- Exercise aim: Return, from the material below, each line in which the word "width" is present.

(Extracted material)

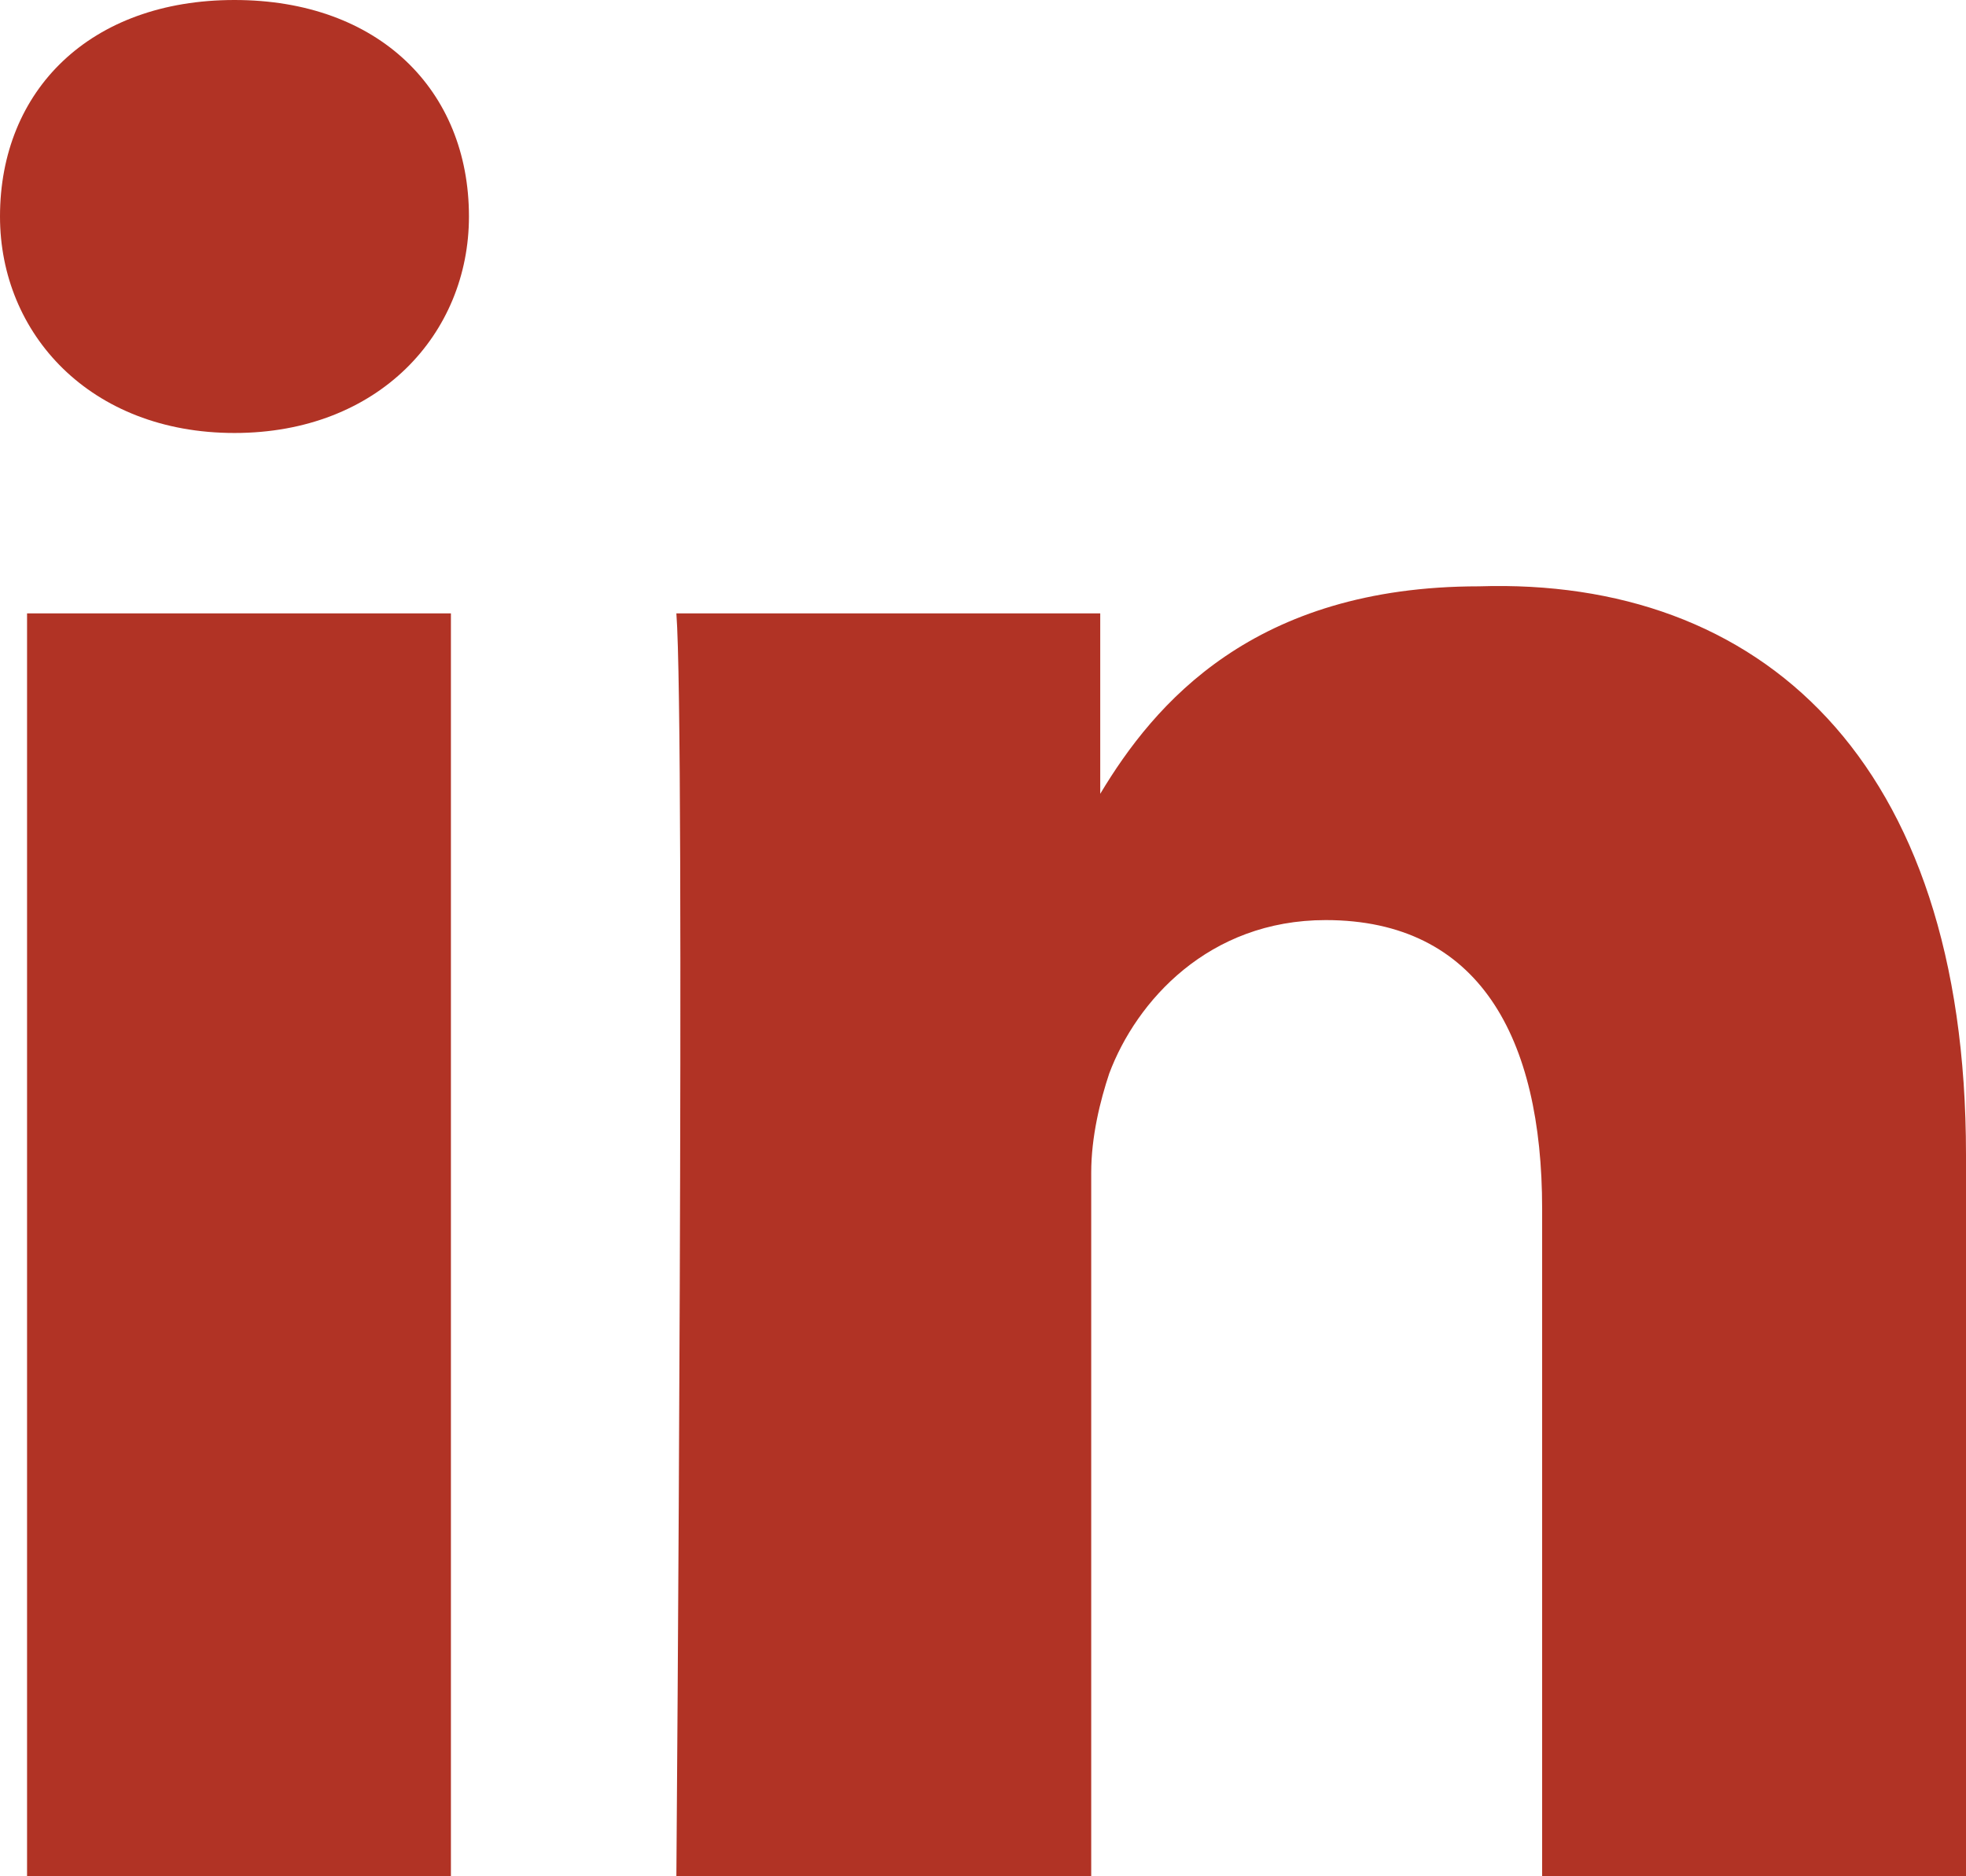 <?xml version="1.0" encoding="utf-8"?>
<!-- Generator: Adobe Illustrator 27.2.0, SVG Export Plug-In . SVG Version: 6.00 Build 0)  -->
<svg version="1.1" id="Livello_1" xmlns="http://www.w3.org/2000/svg" xmlns:xlink="http://www.w3.org/1999/xlink" x="0px" y="0px"
	 width="21.8px" height="20.8px" viewBox="0 0 21.8 20.8" style="enable-background:new 0 0 21.8 20.8;" xml:space="preserve">
<style type="text/css">
	.st0{fill:#B13325;}
</style>
<g>
	<path class="st0" d="M21.8,12.8v8.1h-4.7v-7.5c0-1.9-0.7-3.2-2.4-3.2c-1.3,0-2.1,0.9-2.4,1.7c-0.1,0.3-0.2,0.7-0.2,1.1v7.8H7.5
		c0,0,0.1-12.7,0-14h4.7v2c0,0,0,0,0,0h0v0c0.6-1,1.7-2.3,4.2-2.3C19.5,6.4,21.8,8.4,21.8,12.8L21.8,12.8z M2.6,0C1,0,0,1,0,2.4
		c0,1.3,1,2.4,2.6,2.4h0c1.6,0,2.6-1.1,2.6-2.4C5.2,1,4.2,0,2.6,0L2.6,0z M0.3,20.8h4.7v-14H0.3V20.8z"/>
</g>
</svg>
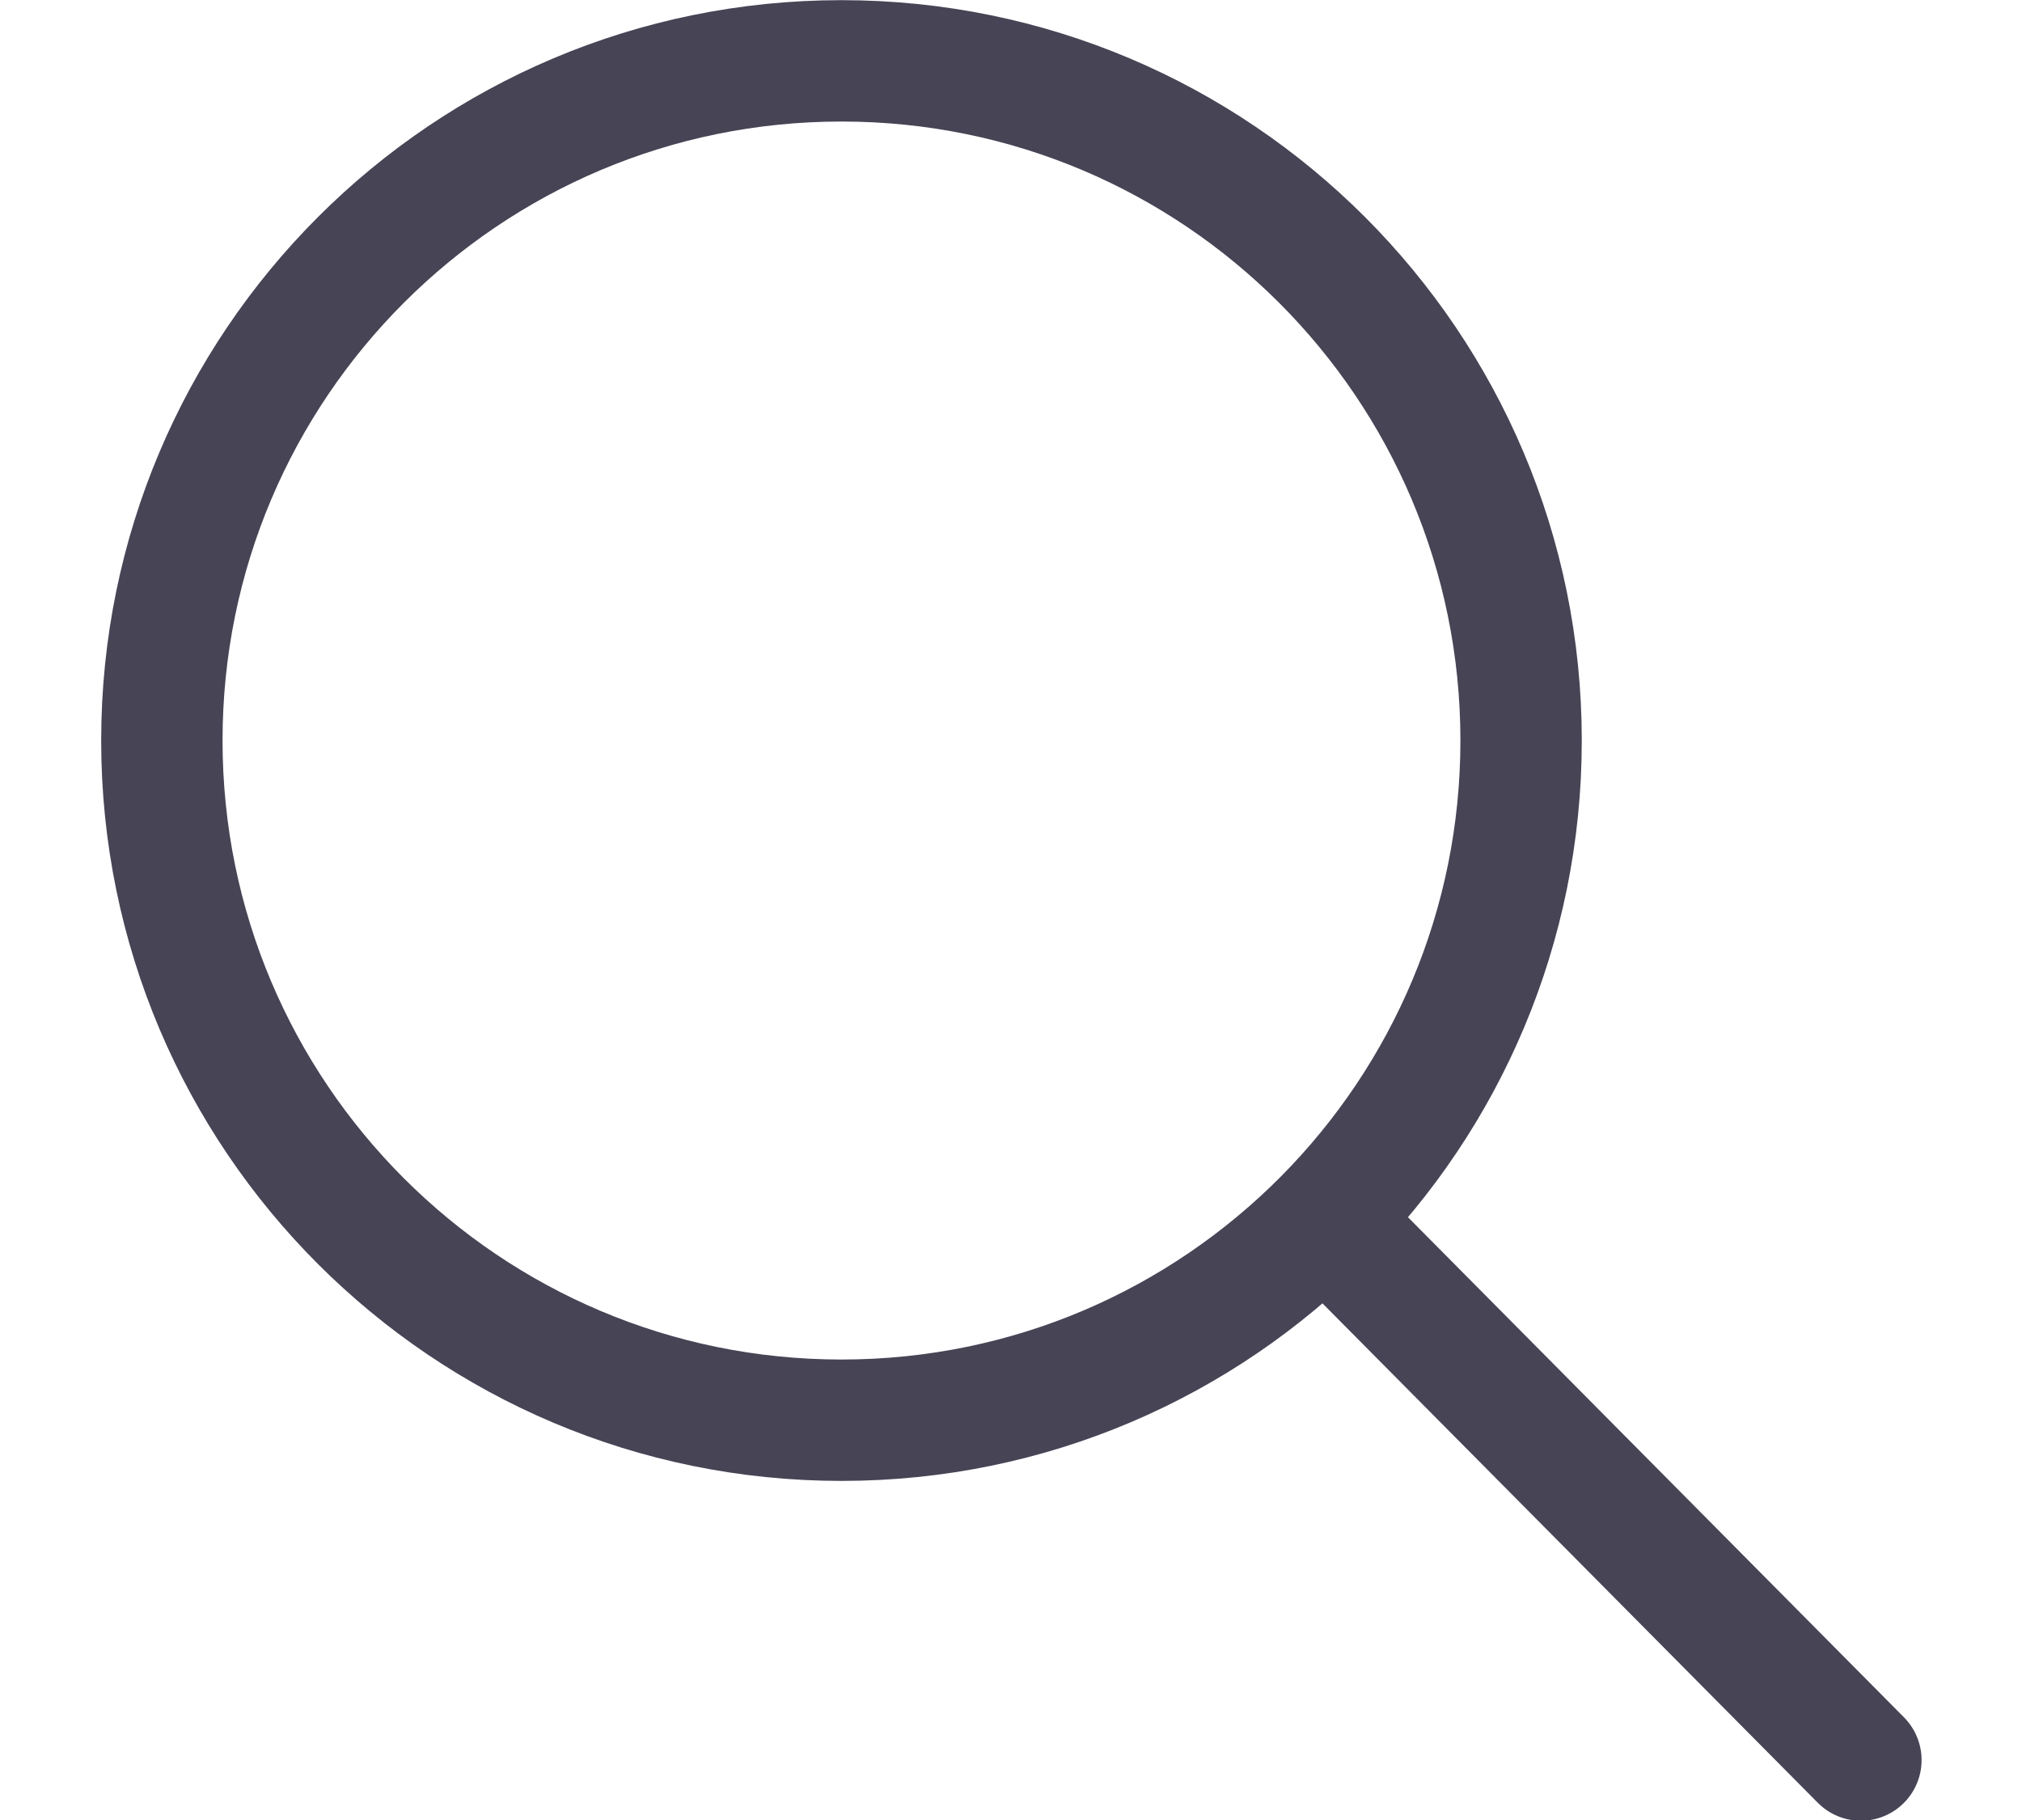 <?xml version="1.0" encoding="UTF-8" standalone="no"?>
<!-- Created with Inkscape (http://www.inkscape.org/) -->

<svg
   width="13.229mm"
   height="11.906mm"
   viewBox="0 0 13.229 11.906"
   version="1.1"
   id="svg5"
   xml:space="preserve"
   inkscape:version="1.2 (dc2aedaf03, 2022-05-15)"
   sodipodi:docname="resources.svg"
   xmlns:inkscape="http://www.inkscape.org/namespaces/inkscape"
   xmlns:sodipodi="http://sodipodi.sourceforge.net/DTD/sodipodi-0.dtd"
   xmlns="http://www.w3.org/2000/svg"
   xmlns:svg="http://www.w3.org/2000/svg"><sodipodi:namedview
     id="namedview7"
     pagecolor="#ffffff"
     bordercolor="#000000"
     borderopacity="0.25"
     inkscape:showpageshadow="2"
     inkscape:pageopacity="0.0"
     inkscape:pagecheckerboard="0"
     inkscape:deskcolor="#d1d1d1"
     inkscape:document-units="mm"
     showgrid="false"
     inkscape:zoom="0.79909512"
     inkscape:cx="929.8017"
     inkscape:cy="958.58426"
     inkscape:window-width="1920"
     inkscape:window-height="1027"
     inkscape:window-x="1912"
     inkscape:window-y="-8"
     inkscape:window-maximized="1"
     inkscape:current-layer="layer1" /><defs
     id="defs2" /><g
     inkscape:label="Livello 1"
     inkscape:groupmode="layer"
     id="layer1"
     transform="translate(-34.577,-211.975)"><g
       id="g9176"><rect
         style="fill:none;fill-opacity:1;fill-rule:evenodd;stroke:none;stroke-width:3.572;stroke-linecap:round;stroke-linejoin:round;stroke-miterlimit:0;stroke-dashoffset:1.062;stroke-opacity:1"
         id="rect9518"
         width="13.229"
         height="11.906"
         x="34.577"
         y="211.975" /><g
         style="fill:none"
         id="g9171"
         transform="matrix(0.794,0,0,0.794,31.666,208.403)"><path
           d="M 14.578,14.542 C 15.581,13.53 16.2,12.137 16.2,10.6 16.2,7.507 13.693,5 10.6,5 7.507,5 5,7.507 5,10.6 c 0,3.093 2.507,5.6 5.6,5.6 1.556,0 2.963,-0.634 3.978,-1.658 z m 0,0 L 19,19"
           stroke="#464455"
           stroke-linecap="round"
           stroke-linejoin="round"
           id="path9169" /></g></g></g></svg>

(End Extracted material)

- Solution:
	 width="21.8px" height="20.8px" viewBox="0 0 21.8 20.8" style="enable-background:new 0 0 21.8 20.8;" xml:space="preserve">
   width="13.229mm"
     inkscape:window-width="1920"
         style="fill:none;fill-opacity:1;fill-rule:evenodd;stroke:none;stroke-width:3.572;stroke-linecap:round;stroke-linejoin:round;stroke-miterlimit:0;stroke-dashoffset:1.062;stroke-opacity:1"
         width="13.229"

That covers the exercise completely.